Wednesday, November 19, 2008

To Switch or not to Switch

How did I find out that I wanted to be dominant as well?

Those who know me, know that I am no push-over in any way. I have my own opinions, I am stubborn, I want things to be done my way and it is natural for me to automatically want to be "the leader" when working in a group...

But from being somewhat dominant in one's everyday life and to want to be sexually dominant as well, there's a big step.
I had my first experiences as a "Top" with a vanilla ex-boyfriend of mine. I mentioned a little about that in a previous post, so I will not repeat myself too much. Suffice to say that it was more or less only "verbal" dominance, a little innocent bondage and very VERY softcore erotic pain stimulation.

Later on, during the time when I was involved with the married couple (also described previously), I felt an irrisistable urge to dominate and unfold my latent sadistic fantasies myself. I spoke with them about this need I had and we decided to find a suitable "victim" together...which we did fairly quickly as this couple had been in the BDSM scene for ages and had many interesting contacts.

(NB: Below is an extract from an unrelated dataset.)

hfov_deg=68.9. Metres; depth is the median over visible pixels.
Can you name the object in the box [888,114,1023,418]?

They mentored me on different techniques, safety, toys...and the rest I basically already knew from experiences on my own body. At first we played together...then they pulled more and more out of the game, leaving the hot little masochist for me alone :D What a thrill it was!!! Before me was a willing person...excited and eagerly accepting my every wish and enduring/enjoying my mean little fantasies. I learned a lot about my own sexuality those times and I am still honored that my little play-slut gave me the beautiful gift of true submission for the very first time.

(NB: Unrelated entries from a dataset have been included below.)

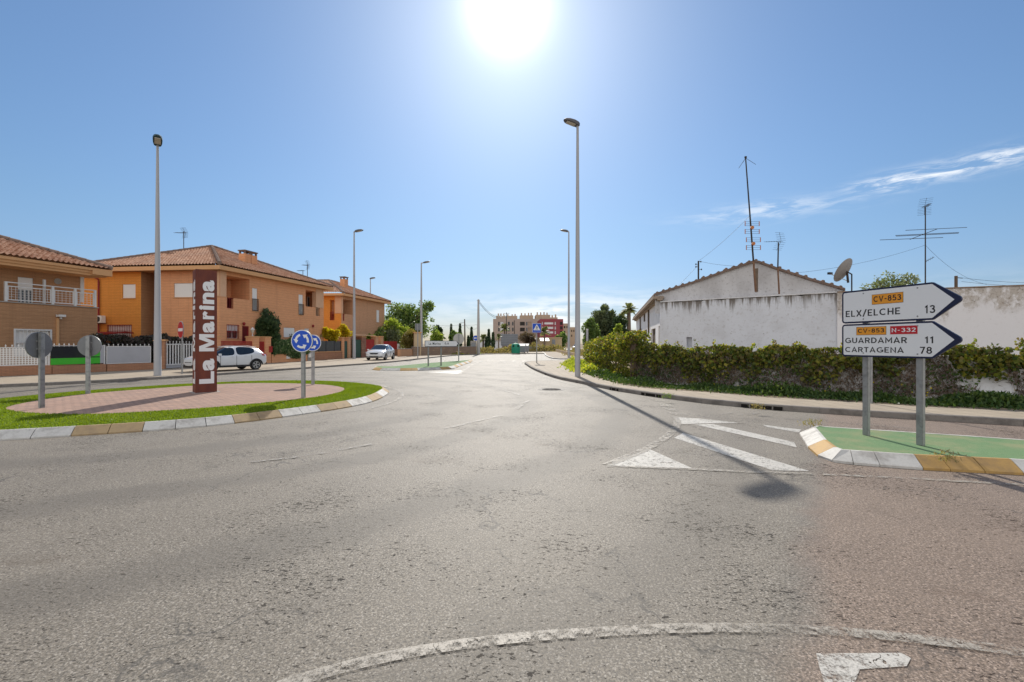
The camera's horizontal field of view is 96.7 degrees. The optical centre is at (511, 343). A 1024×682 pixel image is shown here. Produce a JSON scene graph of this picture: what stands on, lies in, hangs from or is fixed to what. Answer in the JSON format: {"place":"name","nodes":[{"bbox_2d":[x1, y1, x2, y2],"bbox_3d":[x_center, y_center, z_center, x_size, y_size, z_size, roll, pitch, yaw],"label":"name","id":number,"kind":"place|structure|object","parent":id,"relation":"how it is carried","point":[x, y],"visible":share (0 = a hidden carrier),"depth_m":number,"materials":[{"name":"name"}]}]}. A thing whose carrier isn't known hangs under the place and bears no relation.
{"place":"outdoors","nodes":[
{"label":"outdoors","id":0,"kind":"place"},
{"bbox_2d":[6,383,343,413],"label":"island paving","id":1,"kind":"structure","parent":0,"point":[166,398],"depth_m":11.69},
{"bbox_2d":[24,332,52,407],"bbox_3d":[-10.407,0.582,10.049,0.114,1.686,0.580,0,0,0],"label":"roundabout sign","id":2,"kind":"object","parent":1,"relation":"on","point":[39,345],"visible":1,"depth_m":10.00,"materials":[{"name":"metal"}]},
{"bbox_2d":[77,335,101,393],"bbox_3d":[-12.064,0.593,12.967,0.600,1.664,0.114,0,0,-10],"label":"roundabout sign","id":3,"kind":"object","parent":1,"relation":"on","point":[88,346],"visible":1,"depth_m":12.96,"materials":[{"name":"metal"}]},
{"bbox_2d":[190,269,219,393],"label":"town pillar","id":4,"kind":"structure","parent":1,"relation":"on","point":[204,331],"depth_m":13.09,"materials":[{"name":"metal"}]},
{"bbox_2d":[291,330,312,397],"bbox_3d":[-5.495,0.530,11.960,0.590,1.790,0.114,0,0,4],"label":"roundabout sign","id":5,"kind":"object","parent":1,"relation":"on","point":[302,341],"visible":1,"depth_m":11.91,"materials":[{"name":"metal"}]},
{"bbox_2d":[309,335,320,384],"bbox_3d":[-6.927,0.554,15.830,0.580,1.743,0.114,0,0,-8],"label":"roundabout sign","id":6,"kind":"object","parent":1,"relation":"on","point":[316,345],"visible":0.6,"depth_m":15.81,"materials":[{"name":"metal"}]},
{"bbox_2d":[0,380,382,429],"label":"island lawn","id":7,"kind":"structure","parent":0,"point":[58,420],"depth_m":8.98,"materials":[{"name":"plant"}]},
{"bbox_2d":[0,352,542,383],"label":"pavement","id":8,"kind":"structure","parent":0,"point":[94,376],"depth_m":24.36,"materials":[{"name":"concrete"}]},
{"bbox_2d":[0,344,51,375],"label":"fence","id":9,"kind":"object","parent":8,"relation":"on","point":[16,369],"visible":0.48,"depth_m":21.23,"materials":[{"name":"metal"}]},
{"bbox_2d":[51,344,105,373],"bbox_3d":[-22.110,0.730,23.251,0.220,1.516,2.283,0,0,18],"label":"panel fence","id":10,"kind":"object","parent":8,"relation":"on","point":[63,355],"visible":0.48,"depth_m":22.94,"materials":[{"name":"metal"}]},
{"bbox_2d":[106,344,153,370],"bbox_3d":[-21.269,0.746,25.377,0.220,1.485,2.197,0,0,25],"label":"panel fence","id":11,"kind":"object","parent":8,"relation":"on","point":[136,357],"visible":1,"depth_m":25.24,"materials":[{"name":"metal"}]},
{"bbox_2d":[153,134,162,375],"bbox_3d":[-16.280,-3.995,20.907,0.360,10.965,0.952,0,0,-38],"label":"street lamp","id":12,"kind":"object","parent":8,"relation":"on","point":[157,140],"visible":1,"depth_m":21.08,"materials":[{"name":"metal"}]},
{"bbox_2d":[178,321,183,373],"bbox_3d":[-16.191,0.195,22.302,0.840,2.587,0.105,0,0,38],"label":"no entry sign","id":13,"kind":"object","parent":8,"relation":"on","point":[180,329],"visible":0.98,"depth_m":22.30,"materials":[{"name":"metal"}]},
{"bbox_2d":[183,346,266,369],"bbox_3d":[-15.966,0.802,25.495,1.894,1.381,3.916,0,0,30],"label":"parked car","id":14,"kind":"object","parent":8,"relation":"on","point":[241,357],"visible":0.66,"depth_m":25.33,"materials":[{"name":"white"}]},
{"bbox_2d":[221,341,251,346],"bbox_3d":[-19.344,0.651,31.862,0.220,1.673,3.062,0,0,10],"label":"red fence","id":15,"kind":"object","parent":8,"relation":"on","point":[241,343],"visible":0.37,"depth_m":31.84,"materials":[{"name":"metal"}]},
{"bbox_2d":[271,354,306,362],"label":"garden wall","id":16,"kind":"structure","parent":8,"relation":"on","point":[277,358],"depth_m":36.36,"materials":[{"name":"orange brick"}]},
{"bbox_2d":[271,338,309,358],"bbox_3d":[-18.143,0.405,37.364,0.973,1.823,4.097,0,0,15],"label":"ivy hedge","id":17,"kind":"object","parent":16,"relation":"on","point":[282,346],"visible":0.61,"depth_m":36.47,"materials":[{"name":"green plant"}]},
{"bbox_2d":[315,341,341,360],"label":"panel fence","id":18,"kind":"object","parent":8,"relation":"on","point":[330,349],"visible":0.73,"depth_m":42.64,"materials":[{"name":"metal"}]},
{"bbox_2d":[344,337,350,357],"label":"gate pillar","id":19,"kind":"structure","parent":8,"relation":"on","point":[348,339],"depth_m":46.51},
{"bbox_2d":[352,340,360,357],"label":"green gate","id":20,"kind":"structure","parent":8,"relation":"on","point":[358,348],"depth_m":48.41,"materials":[{"name":"metal"}]},
{"bbox_2d":[353,229,362,358],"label":"street lamp","id":21,"kind":"object","parent":8,"relation":"on","point":[354,326],"visible":1,"depth_m":44.46,"materials":[{"name":"metal"}]},
{"bbox_2d":[356,336,365,356],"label":"gate pillar","id":22,"kind":"structure","parent":8,"relation":"on","point":[363,345],"depth_m":49.30,"materials":[{"name":"brown brick"}]},
{"bbox_2d":[366,339,373,351],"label":"red panel fence","id":23,"kind":"object","parent":8,"relation":"on","point":[369,344],"visible":0.5,"depth_m":50.66,"materials":[{"name":"metal"}]},
{"bbox_2d":[366,344,394,359],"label":"parked car","id":24,"kind":"object","parent":8,"relation":"on","point":[383,351],"visible":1,"depth_m":41.50,"materials":[{"name":"white"}]},
{"bbox_2d":[383,341,397,355],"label":"red panel fence","id":25,"kind":"object","parent":8,"relation":"on","point":[393,344],"visible":0.5,"depth_m":55.88,"materials":[{"name":"metal"}]},
{"bbox_2d":[386,326,399,343],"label":"olive bush","id":26,"kind":"object","parent":8,"relation":"on","point":[391,335],"visible":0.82,"depth_m":58.66,"materials":[{"name":"green plant"}]},
{"bbox_2d":[398,348,412,356],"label":"stone wall","id":27,"kind":"structure","parent":8,"relation":"on","point":[405,352],"depth_m":53.82,"materials":[{"name":"brick"}]},
{"bbox_2d":[399,328,414,348],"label":"round shrub","id":28,"kind":"object","parent":8,"relation":"on","point":[406,339],"visible":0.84,"depth_m":57.53,"materials":[{"name":"green plant"}]},
{"bbox_2d":[385,300,436,338],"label":"garden tree","id":29,"kind":"object","parent":8,"relation":"on","point":[405,314],"visible":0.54,"depth_m":69.38,"materials":[{"name":"green plant"}]},
{"bbox_2d":[412,332,421,355],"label":"garden building","id":30,"kind":"structure","parent":8,"relation":"on","point":[414,344],"depth_m":56.64,"materials":[{"name":"beige paint"}]},
{"bbox_2d":[420,261,429,346],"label":"street lamp","id":31,"kind":"object","parent":8,"relation":"on","point":[421,323],"visible":0.71,"depth_m":58.95,"materials":[{"name":"metal"}]},
{"bbox_2d":[412,346,476,355],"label":"stone wall","id":32,"kind":"structure","parent":8,"relation":"on","point":[448,350],"depth_m":60.49,"materials":[{"name":"concrete"}]},
{"bbox_2d":[477,299,479,353],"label":"utility pole","id":33,"kind":"object","parent":8,"relation":"on","point":[478,332],"visible":1,"depth_m":66.77,"materials":[{"name":"concrete"}]},
{"bbox_2d":[476,344,524,353],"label":"dry grass","id":34,"kind":"structure","parent":8,"relation":"on","point":[487,349],"depth_m":71.86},
{"bbox_2d":[377,360,467,367],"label":"island","id":35,"kind":"structure","parent":0,"point":[437,364],"depth_m":30.31,"materials":[{"name":"concrete"}]},
{"bbox_2d":[425,341,458,365],"bbox_3d":[-4.611,0.629,29.971,2.711,1.650,0.094,0,0,-45],"label":"direction sign","id":36,"kind":"object","parent":35,"relation":"on","point":[440,344],"visible":1,"depth_m":29.92,"materials":[{"name":"white"}]},
{"bbox_2d":[453,333,463,360],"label":"round sign","id":37,"kind":"object","parent":35,"relation":"on","point":[458,338],"visible":0.91,"depth_m":38.72,"materials":[{"name":"white"}]},
{"bbox_2d":[423,344,583,348],"bbox_3d":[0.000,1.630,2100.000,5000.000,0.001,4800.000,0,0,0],"label":"ground","id":38,"kind":"structure","parent":0,"point":[581,346],"depth_m":261.87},
{"bbox_2d":[493,312,548,346],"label":"apartment building","id":39,"kind":"structure","parent":38,"relation":"on","point":[523,323],"depth_m":215.00,"materials":[{"name":"beige concrete"}]},
{"bbox_2d":[537,314,562,337],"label":"apartment building","id":40,"kind":"structure","parent":38,"relation":"on","point":[554,325],"depth_m":190.00,"materials":[{"name":"red"}]},
{"bbox_2d":[570,327,574,345],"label":"apartment building","id":41,"kind":"structure","parent":38,"relation":"on","point":[572,336],"depth_m":260.00,"materials":[{"name":"beige"}]},
{"bbox_2d":[0,349,1023,681],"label":"road","id":42,"kind":"structure","parent":0,"point":[200,555],"depth_m":3.61,"materials":[{"name":"asphalt"}]},
{"bbox_2d":[0,386,388,440],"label":"island kerb","id":43,"kind":"structure","parent":42,"relation":"on","point":[45,432],"depth_m":8.57,"materials":[{"name":"concrete"}]},
{"bbox_2d":[0,353,543,386],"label":"kerb","id":44,"kind":"structure","parent":42,"relation":"on","point":[102,381],"depth_m":21.31,"materials":[{"name":"concrete"}]},
{"bbox_2d":[372,359,471,370],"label":"island kerb","id":45,"kind":"structure","parent":42,"relation":"on","point":[419,369],"depth_m":27.51,"materials":[{"name":"concrete"}]},
{"bbox_2d":[430,328,442,340],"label":"garden tree","id":46,"kind":"object","parent":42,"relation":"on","point":[436,336],"visible":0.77,"depth_m":85.35,"materials":[{"name":"green plant"}]},
{"bbox_2d":[501,334,517,345],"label":"billboard","id":47,"kind":"object","parent":42,"relation":"on","point":[507,339],"visible":0.73,"depth_m":111.94,"materials":[{"name":"metal"}]},
{"bbox_2d":[511,343,519,352],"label":"recycling bin","id":48,"kind":"object","parent":42,"relation":"on","point":[515,347],"visible":1,"depth_m":68.54,"materials":[{"name":"green"}]},
{"bbox_2d":[517,331,538,346],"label":"bare tree","id":49,"kind":"object","parent":42,"relation":"on","point":[528,338],"visible":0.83,"depth_m":91.33,"materials":[{"name":"brown plant"}]},
{"bbox_2d":[555,331,567,347],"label":"street tree","id":50,"kind":"object","parent":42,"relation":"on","point":[563,335],"visible":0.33,"depth_m":111.56,"materials":[{"name":"green plant"}]},
{"bbox_2d":[251,367,904,461],"bbox_3d":[1.184,1.587,23.732,12.670,0.001,35.292,0,0,0],"label":"road marking worn","id":51,"kind":"object","parent":42,"relation":"on","point":[455,426],"visible":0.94,"depth_m":9.05,"materials":[{"name":"paint"}]},
{"bbox_2d":[306,370,910,681],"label":"road marking","id":52,"kind":"object","parent":42,"relation":"on","point":[854,667],"visible":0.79,"depth_m":6.06,"materials":[{"name":"paint"}]},
{"bbox_2d":[277,358,1023,681],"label":"road marking faded","id":53,"kind":"object","parent":42,"relation":"on","point":[503,639],"visible":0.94,"depth_m":2.49,"materials":[{"name":"paint"}]},
{"bbox_2d":[525,360,1023,425],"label":"kerb","id":54,"kind":"structure","parent":42,"relation":"on","point":[947,417],"depth_m":10.44,"materials":[{"name":"concrete"}]},
{"bbox_2d":[741,404,782,410],"bbox_3d":[6.120,1.555,11.173,0.900,0.080,0.085,0,0,41],"label":"drain slot","id":55,"kind":"object","parent":54,"relation":"in","point":[766,407],"visible":0.93,"depth_m":11.08,"materials":[{"name":"black"}]},
{"bbox_2d":[800,425,1023,474],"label":"island kerb","id":56,"kind":"structure","parent":42,"relation":"on","point":[817,443],"depth_m":5.89,"materials":[{"name":"concrete"}]},
{"bbox_2d":[926,448,965,462],"bbox_3d":[5.443,1.406,5.725,0.483,0.189,0.259,0,0,0],"label":"weed tuft","id":57,"kind":"object","parent":56,"relation":"on","point":[947,456],"visible":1,"depth_m":5.70,"materials":[{"name":"green plant"}]},
{"bbox_2d":[819,425,1023,439],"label":"island back kerb","id":58,"kind":"structure","parent":42,"relation":"on","point":[929,433],"depth_m":7.29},
{"bbox_2d":[0,0,1023,343],"label":"sky","id":59,"kind":"structure","parent":0,"point":[436,130],"materials":[{"name":"blue"}]},
{"bbox_2d":[544,352,620,357],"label":"pavement","id":60,"kind":"structure","parent":0,"point":[555,354],"depth_m":56.92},
{"bbox_2d":[560,229,569,357],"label":"street lamp","id":61,"kind":"object","parent":60,"relation":"on","point":[563,230],"visible":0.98,"depth_m":47.57,"materials":[{"name":"metal"}]},
{"bbox_2d":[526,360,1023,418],"bbox_3d":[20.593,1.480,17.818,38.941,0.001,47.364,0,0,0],"label":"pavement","id":62,"kind":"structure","parent":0,"point":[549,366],"depth_m":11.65,"materials":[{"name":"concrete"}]},
{"bbox_2d":[532,323,540,362],"bbox_3d":[1.894,-0.037,34.821,0.680,3.035,0.110,0,0,-4],"label":"crossing sign","id":63,"kind":"object","parent":62,"relation":"on","point":[536,328],"visible":0.99,"depth_m":34.78,"materials":[{"name":"blue"}]},
{"bbox_2d":[563,118,579,376],"bbox_3d":[2.704,-4.300,20.461,0.787,11.560,0.360,0,0,-16],"label":"street lamp","id":64,"kind":"object","parent":62,"relation":"on","point":[572,122],"visible":1,"depth_m":20.45,"materials":[{"name":"metal"}]},
{"bbox_2d":[870,357,872,403],"bbox_3d":[8.900,0.490,11.276,0.068,1.980,0.065,0,0,0],"label":"sign post","id":65,"kind":"object","parent":62,"relation":"on","point":[871,380],"visible":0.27,"depth_m":11.25,"materials":[{"name":"grey metal"}]},
{"bbox_2d":[585,362,1020,409],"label":"verge","id":66,"kind":"structure","parent":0,"point":[811,398],"depth_m":12.22,"materials":[{"name":"plant"}]},
{"bbox_2d":[557,355,597,372],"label":"verge weeds","id":67,"kind":"object","parent":66,"relation":"on","point":[570,365],"visible":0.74,"depth_m":26.45,"materials":[{"name":"plant"}]},
{"bbox_2d":[582,368,635,383],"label":"verge weeds","id":68,"kind":"object","parent":66,"relation":"on","point":[605,374],"visible":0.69,"depth_m":19.32,"materials":[{"name":"plant"}]},
{"bbox_2d":[582,329,660,376],"bbox_3d":[5.024,0.554,24.442,1.620,2.284,15.219,0,0,0],"label":"creeper mound","id":69,"kind":"object","parent":66,"relation":"on","point":[597,352],"visible":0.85,"depth_m":20.25,"materials":[{"name":"green plant"}]},
{"bbox_2d":[632,259,844,353],"bbox_3d":[14.773,-1.489,36.736,8.502,5.938,29.571,0,0,12],"label":"farmhouse","id":70,"kind":"object","parent":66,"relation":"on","point":[727,306],"visible":0.68,"depth_m":24.09,"materials":[{"name":"white paint"}]},
{"bbox_2d":[740,156,760,291],"bbox_3d":[12.283,-6.131,23.440,0.926,6.961,0.973,0,0,39],"label":"tv aerial","id":71,"kind":"object","parent":70,"relation":"attached to","point":[752,242],"visible":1,"depth_m":23.31,"materials":[{"name":"metal"}]},
{"bbox_2d":[766,232,784,293],"bbox_3d":[13.383,-4.062,23.285,0.571,3.116,0.924,0,0,-17],"label":"tv aerial","id":72,"kind":"object","parent":70,"relation":"attached to","point":[778,261],"visible":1,"depth_m":22.97,"materials":[{"name":"metal"}]},
{"bbox_2d":[827,258,851,290],"bbox_3d":[15.285,-3.002,21.083,1.035,1.800,0.935,0,0,0],"label":"satellite dish","id":73,"kind":"object","parent":70,"relation":"attached to","point":[843,270],"visible":0.98,"depth_m":20.85,"materials":[{"name":"grey metal"}]},
{"bbox_2d":[884,198,966,282],"bbox_3d":[21.757,-3.977,24.000,5.671,7.329,1.228,0,0,0],"label":"tv aerial","id":74,"kind":"object","parent":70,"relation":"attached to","point":[925,214],"visible":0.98,"depth_m":23.98,"materials":[{"name":"metal"}]},
{"bbox_2d":[612,375,1023,410],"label":"hedge weeds","id":75,"kind":"object","parent":66,"relation":"on","point":[987,399],"visible":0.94,"depth_m":12.03,"materials":[{"name":"plant"}]},
{"bbox_2d":[630,339,1023,397],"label":"garden wall","id":76,"kind":"structure","parent":66,"relation":"on","point":[987,384],"depth_m":12.20,"materials":[{"name":"paint"}]},
{"bbox_2d":[631,337,1023,397],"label":"creeper hedge","id":77,"kind":"object","parent":66,"relation":"on","point":[993,360],"visible":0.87,"depth_m":13.21,"materials":[{"name":"green plant"}]},
{"bbox_2d":[859,270,920,289],"bbox_3d":[22.260,-1.433,26.832,3.016,6.026,2.225,0,0,-21],"label":"sparse tree","id":78,"kind":"object","parent":66,"relation":"on","point":[881,283],"visible":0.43,"depth_m":26.79,"materials":[{"name":"green plant"}]},
{"bbox_2d":[837,285,1023,355],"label":"yard wall","id":79,"kind":"structure","parent":66,"relation":"on","point":[984,316],"depth_m":19.52,"materials":[{"name":"paint"}]},
{"bbox_2d":[816,426,1023,458],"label":"island","id":80,"kind":"structure","parent":0,"point":[876,440],"depth_m":6.63,"materials":[{"name":"paint"}]},
{"bbox_2d":[842,282,962,445],"bbox_3d":[5.744,0.299,6.790,0.100,2.310,1.600,0,0,-17],"label":"direction sign","id":81,"kind":"object","parent":80,"relation":"on","point":[920,339],"visible":1,"depth_m":6.72,"materials":[{"name":"white"}]},
{"label":"garden ground","id":82,"kind":"structure","parent":0,"visible":0},
{"bbox_2d":[0,235,112,365],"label":"brick house","id":83,"kind":"structure","parent":82,"relation":"on","point":[31,263],"depth_m":24.96,"materials":[{"name":"brick"}]},
{"bbox_2d":[18,277,32,302],"bbox_3d":[-26.381,-2.852,24.646,0.078,1.450,0.649,0,0,17],"label":"balcony door","id":84,"kind":"structure","parent":83,"relation":"in","point":[20,279],"depth_m":24.66,"materials":[{"name":"white metal"}]},
{"bbox_2d":[14,329,51,355],"bbox_3d":[-25.500,-0.060,24.206,0.180,1.424,1.566,0,0,17],"label":"garage door","id":85,"kind":"structure","parent":83,"relation":"in","point":[20,335],"depth_m":23.81,"materials":[{"name":"white metal"}]},
{"bbox_2d":[4,281,96,306],"bbox_3d":[-25.275,-2.668,25.097,0.100,1.018,4.014,0,0,17],"label":"terrace railing","id":86,"kind":"object","parent":83,"relation":"on","point":[52,295],"visible":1,"depth_m":25.01,"materials":[{"name":"white metal"}]},
{"bbox_2d":[89,333,192,363],"bbox_3d":[-21.640,0.362,27.465,0.975,2.138,6.348,0,0,21],"label":"dark hedge","id":87,"kind":"object","parent":82,"relation":"on","point":[120,340],"visible":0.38,"depth_m":26.78,"materials":[{"name":"plant"}]},
{"bbox_2d":[153,339,168,368],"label":"gate pillar","id":88,"kind":"structure","parent":82,"relation":"on","point":[164,353],"depth_m":26.75,"materials":[{"name":"brick"}]},
{"bbox_2d":[166,341,192,367],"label":"picket gate","id":89,"kind":"structure","parent":88,"relation":"attached to","point":[173,365],"depth_m":27.56,"materials":[{"name":"white metal"}]},
{"bbox_2d":[81,245,333,351],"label":"brick house","id":90,"kind":"structure","parent":82,"relation":"on","point":[250,286],"depth_m":33.27,"materials":[{"name":"brick"}]},
{"bbox_2d":[107,325,131,336],"bbox_3d":[-28.247,-0.902,32.777,1.961,0.923,0.111,0,0,6],"label":"window","id":91,"kind":"structure","parent":90,"relation":"in","point":[112,328],"depth_m":32.78,"materials":[{"name":"white metal"}]},
{"bbox_2d":[121,284,135,298],"bbox_3d":[-27.519,-3.744,32.731,1.130,1.036,0.170,0,0,6],"label":"window","id":92,"kind":"structure","parent":90,"relation":"in","point":[128,289],"depth_m":32.74,"materials":[{"name":"white metal"}]},
{"bbox_2d":[173,283,192,297],"bbox_3d":[-23.216,-3.761,32.301,1.738,1.042,0.170,0,0,6],"label":"window","id":93,"kind":"structure","parent":90,"relation":"in","point":[182,290],"depth_m":32.31,"materials":[{"name":"white metal"}]},
{"bbox_2d":[227,324,238,338],"bbox_3d":[-20.349,-0.863,33.106,0.155,1.029,1.109,0,0,12],"label":"window","id":94,"kind":"structure","parent":90,"relation":"in","point":[232,330],"depth_m":33.14,"materials":[{"name":"glass"}]},
{"bbox_2d":[242,326,248,342],"bbox_3d":[-20.174,-0.703,34.300,0.150,1.245,0.665,0,0,12],"label":"door","id":95,"kind":"structure","parent":90,"relation":"in","point":[245,329],"depth_m":34.32,"materials":[{"name":"red"}]},
{"bbox_2d":[252,288,258,311],"bbox_3d":[-19.890,-3.375,35.176,0.190,1.822,0.638,0,0,12],"label":"window","id":96,"kind":"structure","parent":90,"relation":"in","point":[255,302],"depth_m":35.15,"materials":[{"name":"white metal"}]},
{"bbox_2d":[283,327,293,337],"bbox_3d":[-19.075,-0.933,38.941,0.170,0.871,1.485,0,0,12],"label":"window","id":97,"kind":"structure","parent":90,"relation":"in","point":[287,331],"depth_m":38.88,"materials":[{"name":"white metal"}]},
{"bbox_2d":[299,295,303,315],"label":"window","id":98,"kind":"structure","parent":90,"relation":"in","point":[301,304],"depth_m":40.37,"materials":[{"name":"glass"}]},
{"bbox_2d":[245,336,259,348],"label":"gate pillar","id":99,"kind":"structure","parent":82,"relation":"on","point":[255,341],"depth_m":33.49,"materials":[{"name":"orange brick"}]},
{"bbox_2d":[259,336,271,362],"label":"gate pillar","id":100,"kind":"structure","parent":82,"relation":"on","point":[266,340],"depth_m":34.83,"materials":[{"name":"orange brick"}]},
{"bbox_2d":[254,308,281,346],"bbox_3d":[-19.360,-0.640,36.008,2.300,4.441,2.182,0,0,0],"label":"conifer shrub","id":101,"kind":"object","parent":82,"relation":"on","point":[267,324],"visible":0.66,"depth_m":35.43,"materials":[{"name":"green plant"}]},
{"bbox_2d":[322,327,340,340],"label":"yellow shrub","id":102,"kind":"object","parent":82,"relation":"on","point":[329,334],"visible":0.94,"depth_m":43.74,"materials":[{"name":"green plant"}]},
{"bbox_2d":[337,323,352,336],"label":"yellow shrub","id":103,"kind":"object","parent":82,"relation":"on","point":[344,330],"visible":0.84,"depth_m":46.70,"materials":[{"name":"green plant"}]},
{"bbox_2d":[317,276,390,356],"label":"brick house","id":104,"kind":"structure","parent":82,"relation":"on","point":[369,312],"depth_m":53.27,"materials":[{"name":"brick"}]},
{"bbox_2d":[383,317,409,348],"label":"garden tree","id":105,"kind":"object","parent":82,"relation":"on","point":[393,322],"visible":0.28,"depth_m":59.39,"materials":[{"name":"green plant"}]},
{"label":"waste ground","id":106,"kind":"structure","parent":0,"visible":0},
{"bbox_2d":[529,342,565,351],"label":"dry grass","id":107,"kind":"structure","parent":106,"relation":"on","point":[546,348],"depth_m":85.37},
{"bbox_2d":[537,337,561,345],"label":"roadside hut","id":108,"kind":"object","parent":106,"relation":"on","point":[553,340],"visible":0.68,"depth_m":108.04,"materials":[{"name":"beige paint"}]},
{"bbox_2d":[581,317,600,344],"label":"round tree","id":109,"kind":"object","parent":106,"relation":"on","point":[590,325],"visible":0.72,"depth_m":65.55,"materials":[{"name":"green plant"}]},
{"bbox_2d":[591,303,616,336],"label":"pine tree","id":110,"kind":"object","parent":106,"relation":"on","point":[604,315],"visible":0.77,"depth_m":70.85,"materials":[{"name":"green plant"}]},
{"bbox_2d":[608,315,628,334],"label":"garden tree","id":111,"kind":"object","parent":106,"relation":"on","point":[621,320],"visible":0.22,"depth_m":69.13,"materials":[{"name":"green plant"}]},
{"bbox_2d":[620,303,637,351],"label":"palm tree","id":112,"kind":"object","parent":106,"relation":"on","point":[628,310],"visible":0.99,"depth_m":73.71,"materials":[{"name":"green plant"}]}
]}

After "breaking up" with this wonderful couple, who I still see socially, I explored my newfound interest in dominance with me on the "giving end". I found a boyfriend who was both submissive and masochistic and we had a great time together and a very gratifying relationship.

Wait a sec...that hasn't a lot to do with spanking?!

No, not a lot to do with spanking in itself.

Denmark hasn't got the same "tradition" for oldfashioned D/s spanking relationships. There are lots and lots of BDSM couples, but very few (!!!!!) couples who only enjoy the act of spanking. To be honest, I wouldn't be able to have a spanking-only relationship as a Domme. There are so many aspects that turn me on in the BDSM genre and I am not sure that I would want to be without them... in the long run at least.

Weakness for forced feminisation

Before all of you Doms out there run screamning away, let me ad that I only like subs to dress up as sissygirls. I would never be able to get turned on by a transvestite trying to dominate me...Sorry, it's just not my cup of tea.

There is something immensely humiliating and exciting about punishing a grown man...dressed up like a little girl. I love to force her to shave (and I never do "forget" to call him "her" when trannied up) all over, inspecting her to my satisfaction, helping her apply makeup...forcing her out in town with me to go shopping...

And well...There are lots of things I enjoy doing to sissygirls that aren't as innocent as that also ;)

"Mirror-turn-ons"

I think that my turn ons as a Top and as bottom are very much alike. The same "games" fascinate me and there really isn't that big a difference.

I certainly use bondage a lot more when Topping, as I like the fact that my partner is utterly helpless and in my complete command. As a bottom, I don't really like bondage...it seems too stationary and I seldomly want to give up that much control.

Humiliation (not the mean kind though - I am always very caring, even when I'm being "mean") is something I like to use a lot too...but that I don't always enjoy being on the recieving end of.

Other than that, I like the use of the same toys and implements and a lot of the same fantasies go through my mind.

How can I use the same fantasies on both sides?

It is not as if I fantasize "twice as much" in order to cover both needs ;) Curiously, my fantasies often don't have "faces". I can thus imagine myself as both the "torturer" and "the victim".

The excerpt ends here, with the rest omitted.